In that last respect there might be a similarity to the first approach, but there is a fundamental difference: in the first approach, the mutations sent to the other side are exactly the same as they happened on the source system; In the second approach, the 'delta' mutations are synthesized from the effective difference to the last snapshot: they have no relation to the sequence of events that actually lead to the current game state.
Now, the trade-offs are plentiful and depend on such factors as:
how big is the ful gamestate (a chess board is trivially encoded in few bytes, a 3D shooter cannot afford to send whole snapshots, and may not even be able to afford keeping a snapshot for differencing)
how many balls are there, and how are they stored; if they're in a node-based data structure, replacing the replacing the whole game state may become expensive (since there might be many allocations).
how many distinct state mutations are there (how complex would the command language get; would it make sense to devise a "command language" for the journal, or would it become too complicated?)
how many events will occur per second (is the number of triggers solely input based? E.g. in chess, there will be a move once every n seconds, but in a balancing game there maybe hundreds of inputs each second, if not more).
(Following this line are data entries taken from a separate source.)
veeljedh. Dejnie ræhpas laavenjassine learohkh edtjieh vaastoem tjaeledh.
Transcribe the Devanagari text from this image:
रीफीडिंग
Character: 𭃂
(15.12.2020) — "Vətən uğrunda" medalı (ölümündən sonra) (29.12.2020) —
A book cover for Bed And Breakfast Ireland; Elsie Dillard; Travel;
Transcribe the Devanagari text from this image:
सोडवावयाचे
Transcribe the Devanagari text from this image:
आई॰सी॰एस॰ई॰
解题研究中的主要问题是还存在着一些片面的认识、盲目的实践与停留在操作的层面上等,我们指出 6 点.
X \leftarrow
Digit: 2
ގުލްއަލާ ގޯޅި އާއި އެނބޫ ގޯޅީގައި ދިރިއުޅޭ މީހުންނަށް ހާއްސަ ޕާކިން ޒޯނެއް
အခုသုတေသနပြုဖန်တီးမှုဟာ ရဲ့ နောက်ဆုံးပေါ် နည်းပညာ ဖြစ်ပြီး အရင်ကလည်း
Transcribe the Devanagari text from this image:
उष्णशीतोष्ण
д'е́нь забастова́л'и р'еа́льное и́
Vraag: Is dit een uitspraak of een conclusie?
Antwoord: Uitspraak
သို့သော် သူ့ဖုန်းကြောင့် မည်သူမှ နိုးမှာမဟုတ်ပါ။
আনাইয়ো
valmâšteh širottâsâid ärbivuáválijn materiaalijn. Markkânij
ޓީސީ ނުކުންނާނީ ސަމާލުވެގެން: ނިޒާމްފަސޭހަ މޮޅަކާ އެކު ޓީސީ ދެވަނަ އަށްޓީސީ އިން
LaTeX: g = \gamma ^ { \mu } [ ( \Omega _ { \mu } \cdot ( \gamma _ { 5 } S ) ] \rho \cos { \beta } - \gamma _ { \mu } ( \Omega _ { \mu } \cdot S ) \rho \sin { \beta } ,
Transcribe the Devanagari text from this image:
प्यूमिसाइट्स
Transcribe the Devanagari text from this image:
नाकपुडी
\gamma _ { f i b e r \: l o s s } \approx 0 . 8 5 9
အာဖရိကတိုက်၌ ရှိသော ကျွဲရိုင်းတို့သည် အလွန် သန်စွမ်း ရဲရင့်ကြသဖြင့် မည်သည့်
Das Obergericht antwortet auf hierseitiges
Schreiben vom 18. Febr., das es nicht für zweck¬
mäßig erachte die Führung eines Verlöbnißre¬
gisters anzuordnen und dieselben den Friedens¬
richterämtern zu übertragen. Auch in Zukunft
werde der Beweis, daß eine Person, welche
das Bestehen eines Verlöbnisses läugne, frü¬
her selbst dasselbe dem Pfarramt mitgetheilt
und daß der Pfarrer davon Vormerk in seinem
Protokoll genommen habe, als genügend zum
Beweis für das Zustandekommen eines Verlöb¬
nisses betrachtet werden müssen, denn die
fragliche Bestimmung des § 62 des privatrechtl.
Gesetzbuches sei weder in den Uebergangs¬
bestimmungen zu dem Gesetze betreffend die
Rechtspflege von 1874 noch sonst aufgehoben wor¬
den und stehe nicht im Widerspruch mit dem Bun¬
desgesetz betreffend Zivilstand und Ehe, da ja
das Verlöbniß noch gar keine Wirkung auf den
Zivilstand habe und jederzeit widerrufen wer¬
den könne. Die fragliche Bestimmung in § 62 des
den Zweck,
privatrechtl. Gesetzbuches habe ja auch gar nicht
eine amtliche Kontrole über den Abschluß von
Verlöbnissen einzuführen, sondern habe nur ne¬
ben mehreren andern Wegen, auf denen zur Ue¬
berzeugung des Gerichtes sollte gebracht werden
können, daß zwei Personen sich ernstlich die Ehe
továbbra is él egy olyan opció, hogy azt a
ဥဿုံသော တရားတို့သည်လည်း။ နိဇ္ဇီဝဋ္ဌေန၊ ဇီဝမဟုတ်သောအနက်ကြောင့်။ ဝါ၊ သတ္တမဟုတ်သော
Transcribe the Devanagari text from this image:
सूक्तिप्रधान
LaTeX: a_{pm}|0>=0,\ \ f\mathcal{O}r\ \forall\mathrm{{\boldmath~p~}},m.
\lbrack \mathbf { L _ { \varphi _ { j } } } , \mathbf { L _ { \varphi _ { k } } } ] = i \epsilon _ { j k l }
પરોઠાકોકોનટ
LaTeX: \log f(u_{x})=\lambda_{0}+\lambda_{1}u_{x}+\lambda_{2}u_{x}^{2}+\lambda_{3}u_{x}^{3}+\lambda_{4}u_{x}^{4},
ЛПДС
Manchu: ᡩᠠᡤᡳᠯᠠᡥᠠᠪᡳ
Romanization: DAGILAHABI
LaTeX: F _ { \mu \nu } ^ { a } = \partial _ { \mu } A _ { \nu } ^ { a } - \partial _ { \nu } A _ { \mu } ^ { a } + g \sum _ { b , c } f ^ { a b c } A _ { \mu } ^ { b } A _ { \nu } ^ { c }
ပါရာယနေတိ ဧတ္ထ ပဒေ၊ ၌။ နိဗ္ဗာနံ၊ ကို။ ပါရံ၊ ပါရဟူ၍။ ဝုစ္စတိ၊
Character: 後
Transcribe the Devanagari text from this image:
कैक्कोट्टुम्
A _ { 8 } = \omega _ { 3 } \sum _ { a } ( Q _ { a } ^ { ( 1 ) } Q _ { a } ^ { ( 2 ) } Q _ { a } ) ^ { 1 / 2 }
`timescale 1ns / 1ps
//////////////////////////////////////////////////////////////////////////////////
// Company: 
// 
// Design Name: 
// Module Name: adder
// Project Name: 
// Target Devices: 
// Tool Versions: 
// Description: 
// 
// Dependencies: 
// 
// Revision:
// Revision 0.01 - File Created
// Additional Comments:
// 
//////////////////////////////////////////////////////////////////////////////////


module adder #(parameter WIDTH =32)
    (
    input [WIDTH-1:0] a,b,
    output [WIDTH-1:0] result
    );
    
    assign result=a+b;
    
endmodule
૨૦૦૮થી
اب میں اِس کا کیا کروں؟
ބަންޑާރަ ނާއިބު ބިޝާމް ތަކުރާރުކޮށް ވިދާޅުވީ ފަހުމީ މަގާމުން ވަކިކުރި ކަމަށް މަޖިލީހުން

Etc. All these questions will make certain approaches more attractive and others less.
One crucial question that you didn't address is: will there be "inputs" on both sides? If so, could there be conflicting inputs? Could there be consequences of changes on one side that lead to a different outcome if the inputs from the other side have been received slightly later?
I won't go into this for now. If you need bi-directional synchronization, you will become very dependent on low latency and frequent updates, so that you can correct divergent gamestates before the difference becomes humanly noticeable and annoying.
I also won't go into how you should send the data, as it depends very much on the chosen approach. If you send full documents, as you've noticed, Boost Serialization would look like a good candidate.